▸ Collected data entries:
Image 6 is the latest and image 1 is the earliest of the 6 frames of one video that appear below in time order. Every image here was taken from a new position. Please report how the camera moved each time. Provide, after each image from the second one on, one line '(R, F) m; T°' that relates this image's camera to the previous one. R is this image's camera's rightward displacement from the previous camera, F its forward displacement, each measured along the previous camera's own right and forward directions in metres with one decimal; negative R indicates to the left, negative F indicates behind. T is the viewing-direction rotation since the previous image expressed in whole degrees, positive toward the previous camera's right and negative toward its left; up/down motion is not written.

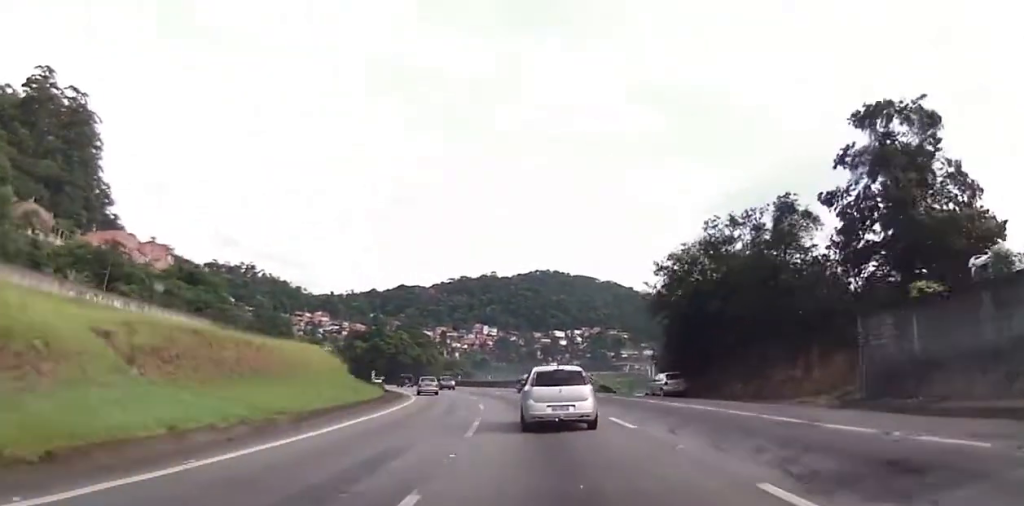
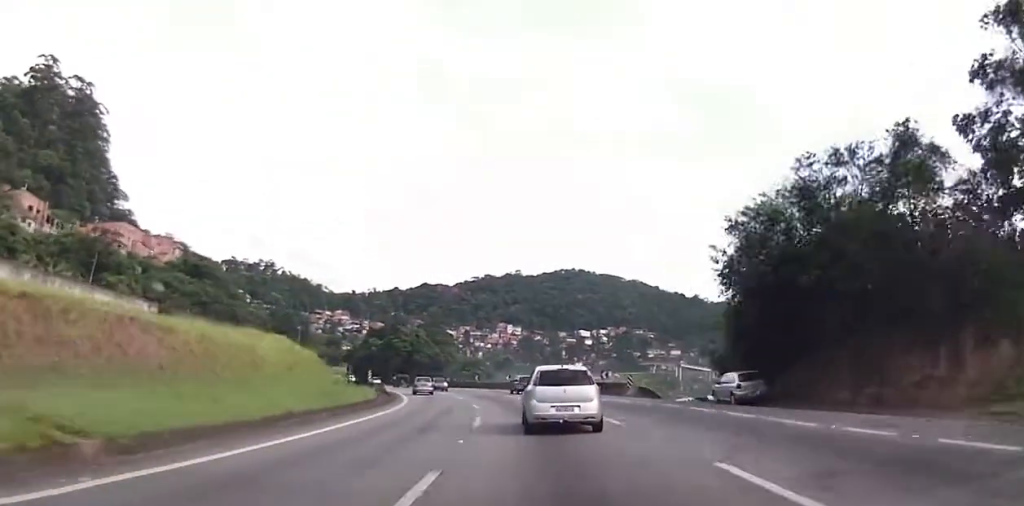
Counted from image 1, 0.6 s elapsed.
(-0.1, +10.7) m; -2°
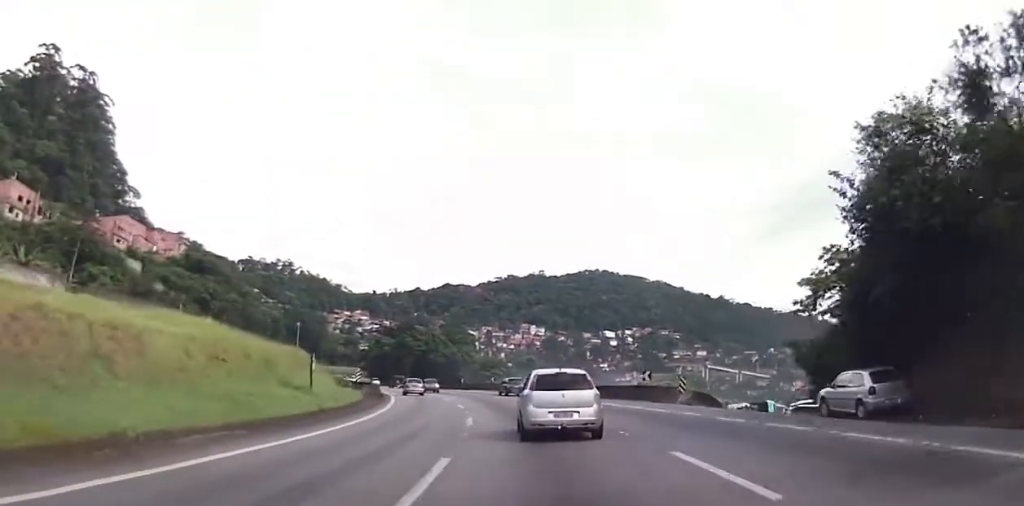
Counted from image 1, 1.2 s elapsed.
(-0.2, +10.6) m; -2°
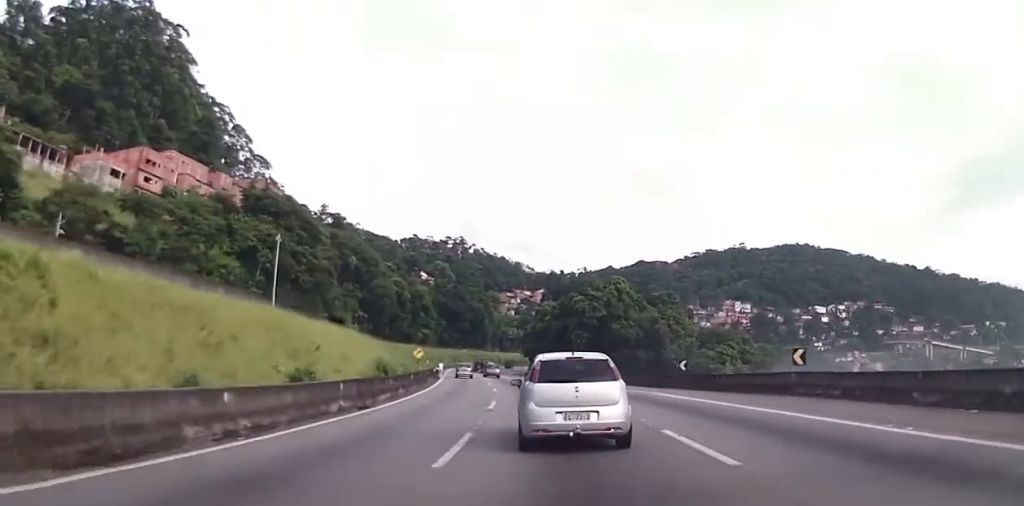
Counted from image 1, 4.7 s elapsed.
(-8.8, +59.7) m; -15°
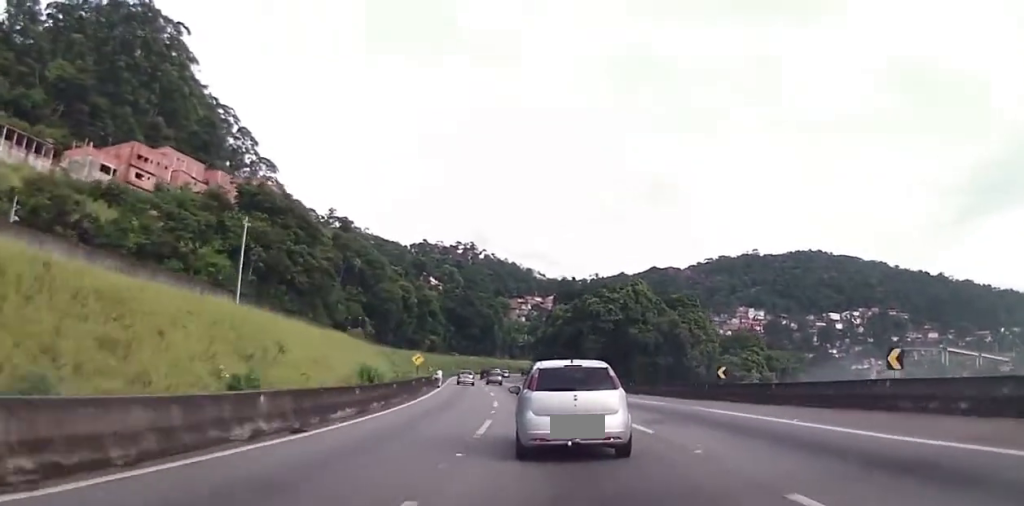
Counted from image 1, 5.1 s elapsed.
(0.0, +6.6) m; -1°
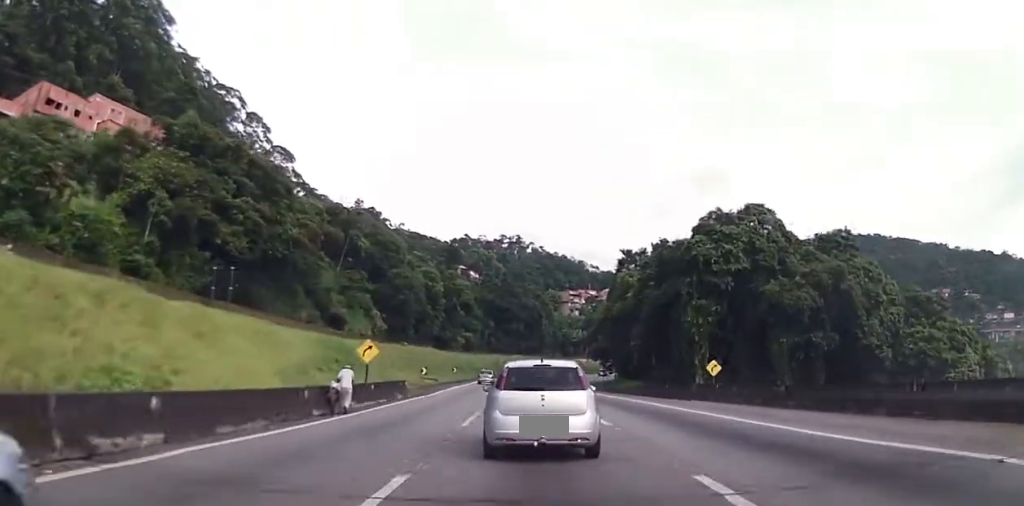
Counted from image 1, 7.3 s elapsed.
(-1.7, +35.9) m; -6°

▸ EXERCISE DIRECTIONS: Word for word, write out each line from the one with "Counted from image 1, 5.1 s elapsed." through the end of the entries above, and omit any pictures.

▸ EXERCISE RESPONSE:
Counted from image 1, 5.1 s elapsed.
(0.0, +6.6) m; -1°
Counted from image 1, 7.3 s elapsed.
(-1.7, +35.9) m; -6°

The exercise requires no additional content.